The township had employed the contractor for the construction of a sanitary sewer in the homeowners’ neighborhood. Before this construction, none of the homeowners had experienced water or sewage problems. Following the construction of the sanitary sewer, the homeowners reported flooding in their homes of 2-6 feet of water and sewage.

Noting the Supreme Court’s rule from Coleman, the appellate court stated that the township would be immune from liability on the claims of negligent design and construction because the design and construction of a sewer system is a "governmental function." However, under the same rule, the township would not be immune from liability for negligent maintenance and repair of the sewer system.

The homeowners did not identify any particular part of the sanitary sewer that was broken and had not been repaired and simply argued that upgrades or changes could be made to prevent their properties from being flooded. Applying the rule from Coleman, the court held that the "failure to upgrade" the sewer system is different from the failure to maintain or repair the system. The court held that the township’s failure to upgrade the sewer system capacity is an immune governmental function under R.C. 2744.01 and therefore, the township was not liable for those claims.

In addition, the court held that some of the homeowners’ claims could not be brought because the four-year statute of limitations had passed. The homeowners alleged that the contractor had cut an existing drain system during the construction of the sewer system, which was completed in 2001, and that this had caused the flooding in 2005. However, one of the homeowners had admitted to water entering the basement, the lifting of the basement flooring, moisture on the foundation walls, and to making complaints to the contractor in 2000 and 2001.

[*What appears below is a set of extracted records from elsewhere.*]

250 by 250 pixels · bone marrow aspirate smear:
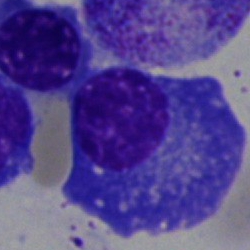
Morphology consistent with a plasma cell.
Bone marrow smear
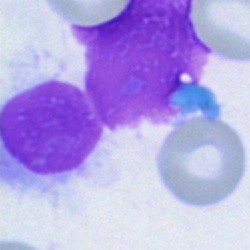 Specimen: bone marrow aspirate smear.
Cell type: artefact.
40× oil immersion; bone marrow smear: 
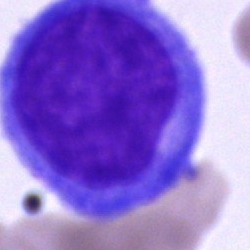Undifferentiated blast.
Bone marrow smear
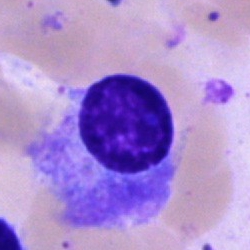

{"cell_type": "plasma cell"}
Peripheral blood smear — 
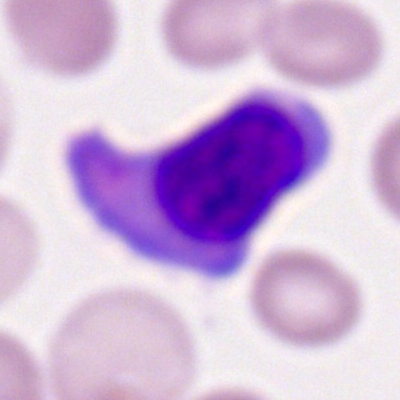

Showing a lymphocyte.
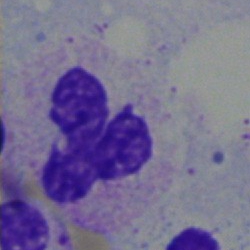Specimen: bone marrow smear.
Cell: neutrophil (segmented).
Lineage: myeloid.
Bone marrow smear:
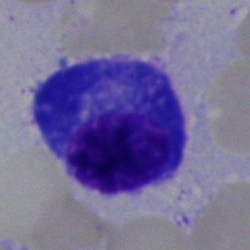 Morphological class = plasmacyte.
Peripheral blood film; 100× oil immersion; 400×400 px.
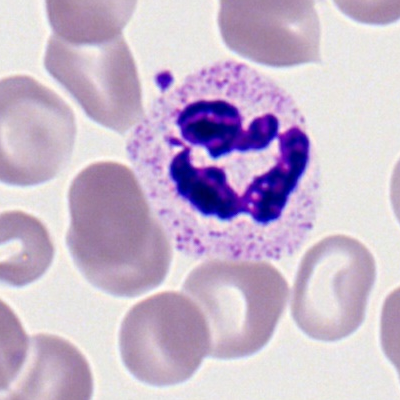The cell type is segmented neutrophil.
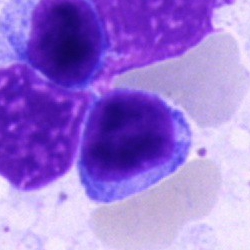
Single cell identified as a typical lymphocyte.
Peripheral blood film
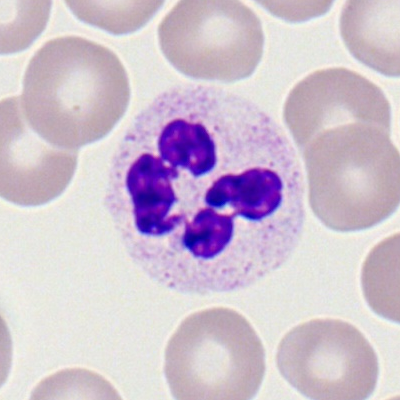
A polymorphonuclear neutrophil.

Despite this, the homeowners argued that their claim had not accrued for statute of limitation purposes until 2005. Even though these homeowners may not have actually known about the flooding problem until 2005, the court held that they reasonably should have known of the problem in 2001 and therefore, their claim accrued in 2001. Because of this, some of the claims were barred by the four-year statute of limitations.

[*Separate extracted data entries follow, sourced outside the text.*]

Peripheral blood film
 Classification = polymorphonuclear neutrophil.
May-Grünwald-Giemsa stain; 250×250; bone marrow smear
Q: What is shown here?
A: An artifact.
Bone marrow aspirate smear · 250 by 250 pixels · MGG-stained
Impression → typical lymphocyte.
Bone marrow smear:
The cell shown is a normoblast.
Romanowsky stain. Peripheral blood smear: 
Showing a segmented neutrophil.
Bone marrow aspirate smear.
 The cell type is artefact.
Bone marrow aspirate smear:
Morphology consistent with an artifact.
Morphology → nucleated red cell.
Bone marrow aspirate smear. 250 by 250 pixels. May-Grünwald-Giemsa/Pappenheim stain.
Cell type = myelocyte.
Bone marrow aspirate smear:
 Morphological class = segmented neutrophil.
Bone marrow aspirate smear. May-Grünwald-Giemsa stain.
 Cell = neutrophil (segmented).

Finally, the court addressed the homeowners’ claims that the continual flooding constituted a "government taking" of their property and found that several of the claims would need to be argued at trial.

First, the homeowners’ expert witness had testified that he "believed" the drain system that was cut by the contractor had caused the flooding on some of the homeowners’ property. However, the township’s expert witness testified that it was not the cause of the flooding. Due to this conflict, the appellate court found that this was an issue to be determined at trial.

Next, the court examined the testimony from the township’s expert witness regarding another homeowner’s property. There, the expert had testified that it was the high groundwater elevation and lack of drainage pipes that were the cause of the flooding at that property. The homeowners did not give the court evidence to counter this testimony, so the court found in favor of the township on that portion of the claims.

Last, as to another property, the township argued that there was no evidence of design, construction or maintenance issues with the sanitary sewer system. However, because the township did not prove that the sewer lines were not the cause of the homeowners’ flooding, the court held that this was an issue to be examined at trial. Accordingly, the township was immune from some of the homeowners’ claims while other claims remained to be decided at trial.